UCI team at work on preemptive vaccine for all coronaviruses
Gavin Herbert Eye Institute researchers target known coronaviruses and ones yet to emerge from animal hosts
January 06, 2021
Irvine, Calif. — Several vaccines to combat the SARS-CoV-2 virus that causes COVID-19 have been developed with unprecedented speed. But what if there were a vaccine that would thwart a new coronavirus before it got a chance to begin spreading widely around the world?
A preemptive vaccine for new and known human and animal coronaviruses, including not only COVID-19 and the common cold but also bat and pangolin coronaviruses?
That’s exactly what UC Irvine professor Lbachir BenMohamed, PhD, director of the Laboratory of Cellular and Molecular Immunology at the university’s Gavin Herbert Eye Institute, and his colleagues are developing with a multimillion-dollar grant from the National Institute for Allergy and Infectious Diseases (NIAID), the section of the National Institutes of Health (NIH) that is led by Dr. Anthony Fauci.
Not if, but when
“Over the last 20 years, we’ve had many outbreaks of coronaviruses — in 2003, 2008, 2012, 2015, and 2019,” said BenMohamed, a vaccinologist and immunologist who trained at the Pasteur Institute in Paris. “It’s not a question of if we’ll have another outbreak, but when it will happen.”

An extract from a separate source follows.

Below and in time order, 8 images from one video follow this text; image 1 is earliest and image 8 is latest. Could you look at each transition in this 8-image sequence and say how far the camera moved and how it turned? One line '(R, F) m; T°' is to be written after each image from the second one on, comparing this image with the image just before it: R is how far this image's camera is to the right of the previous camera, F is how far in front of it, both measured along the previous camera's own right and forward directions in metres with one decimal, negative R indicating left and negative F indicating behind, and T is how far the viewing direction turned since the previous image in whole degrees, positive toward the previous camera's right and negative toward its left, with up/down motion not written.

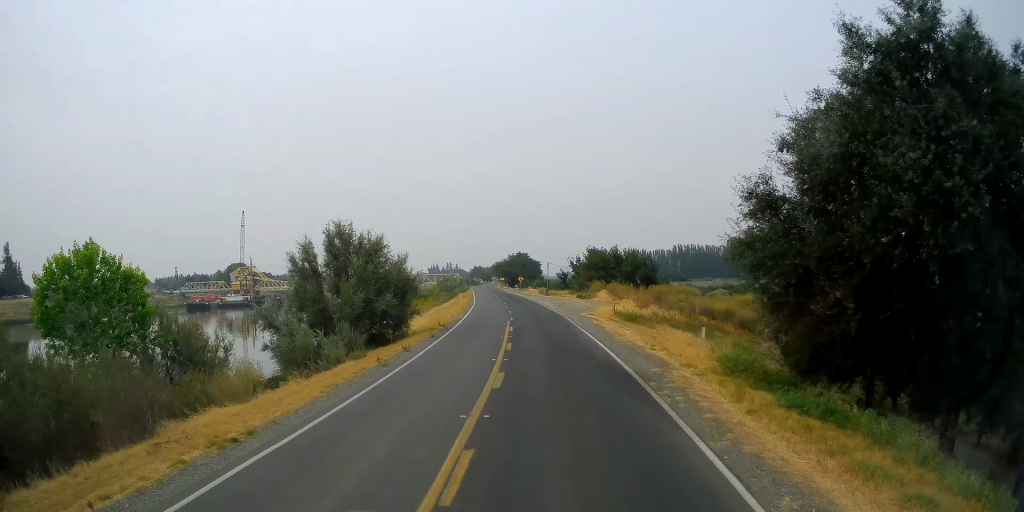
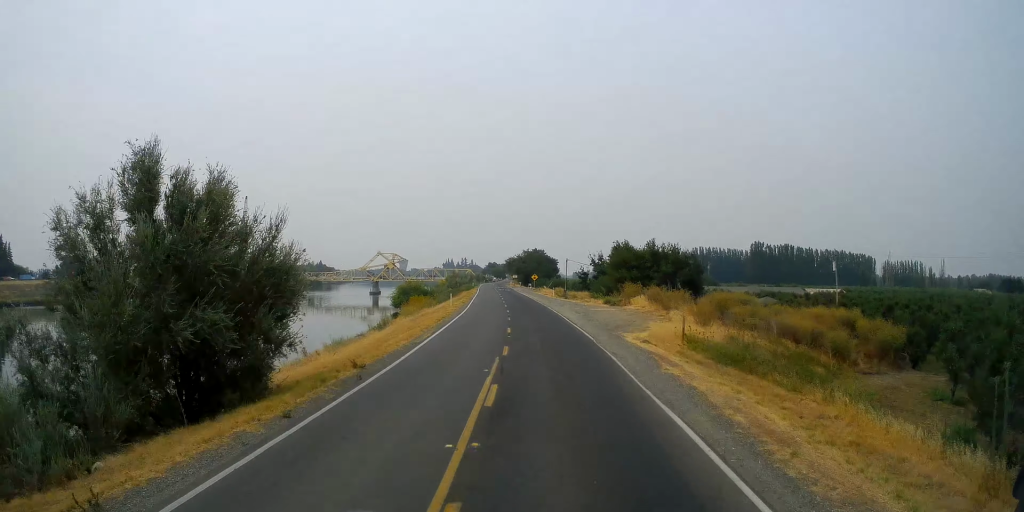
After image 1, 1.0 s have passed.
(+0.1, +17.4) m; +1°
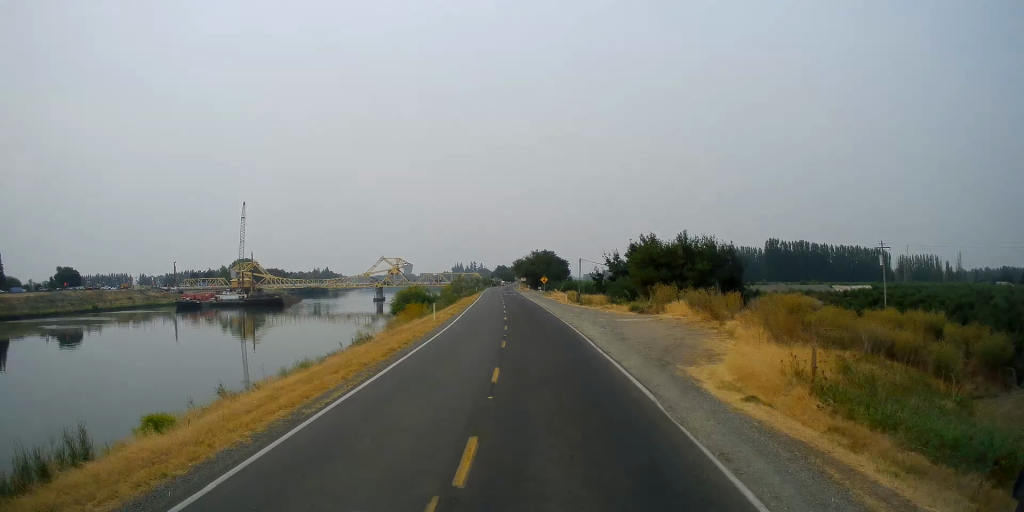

The availability of vaccines recently approved by the U.S. Food and Drug Administration for emergency use to protect against COVID-19 are a cause for celebration and give hope for end to the current pandemic. But BenMohamed is thinking long term.
“We need a preemptive coronavirus vaccine in place to thwart future outbreaks,” he said. “When one occurs anywhere in the world, we can ship the vaccine immediately to curtail the global spread of a new virus.”
A pan-coronavirus approach
Current vaccines from the Pfizer, Moderna and AstraZeneca pharmaceutical companies target one spike protein in SARS-CoV-2 to stop the virus from spreading. But the body’s immune system doesn’t only react to the spike protein. Scientists in BenMohamed’s lab examined more than 20 SARS-CoV-2 proteins and found that the immune systems reacts to each one of them in different ways.
Using a vaccine approach similar to one used to combat herpes simplex, their pan-coronavirus vaccine focuses on epitopes — parts of viral proteins that evoke immune responses — from SARS-CoV-1, SARS-CoV-2, four of the most typical viruses that produce the common cold, as well as several animal coronaviruses, including those in bats.
Because many of the most diabolical viruses in the past few decades have originated in bats and transferred indirectly to humans, BenMohamed is aiming for a vaccine to protect against bat coronaviruses that have yet to spill over to humans.
Promising early results
“As soon as the Chinese scientists released the genomic sequence of SARS-CoV-2, we jumped on it,” BenMohamed said. “We started identifying the building blocks and did microsurgery on the virus to identify the regions that are being recognized by human T-cells and antibodies.”
Vaccines work in two ways: first by evoking an immune response by antibodies that neutralize the virus, and second by T-cells that clean infected cells if antibodies haven’t done the job. So far, he said results have been promising, showing that laboratory animals have produced T-cells and antibodies in reaction to the many prototype pan-coronavirus vaccine candidates.
Scientists in BenMohamed’s lab began their initial work when the SARS-CoV-2 virus' genomic sequence was released in January 2020, starting with seed money from Gavin Herbert Eye Institute, part of UCI Health. The team then won a $100,000 so-called Fast Grant from Emergent Ventures, a program of the Mercatus Center at George Mason University in Virginia. Their current work is continuing with a $3.7 million NIH grant.
Clinical trials possible by June
BenMohamed expects to begin testing the first pan-coronavirus vaccine in early 2021. Phase 1 clinical trials to evaluate dosage and safety in humans could begin in June.
If the vaccine is successful in providing preemptive protection against all coronaviruses, this multi-epitope method may be a useful approach for a variety of illnesses.
“That could be the flu or any viral respiratory disease,” said BenMohamed.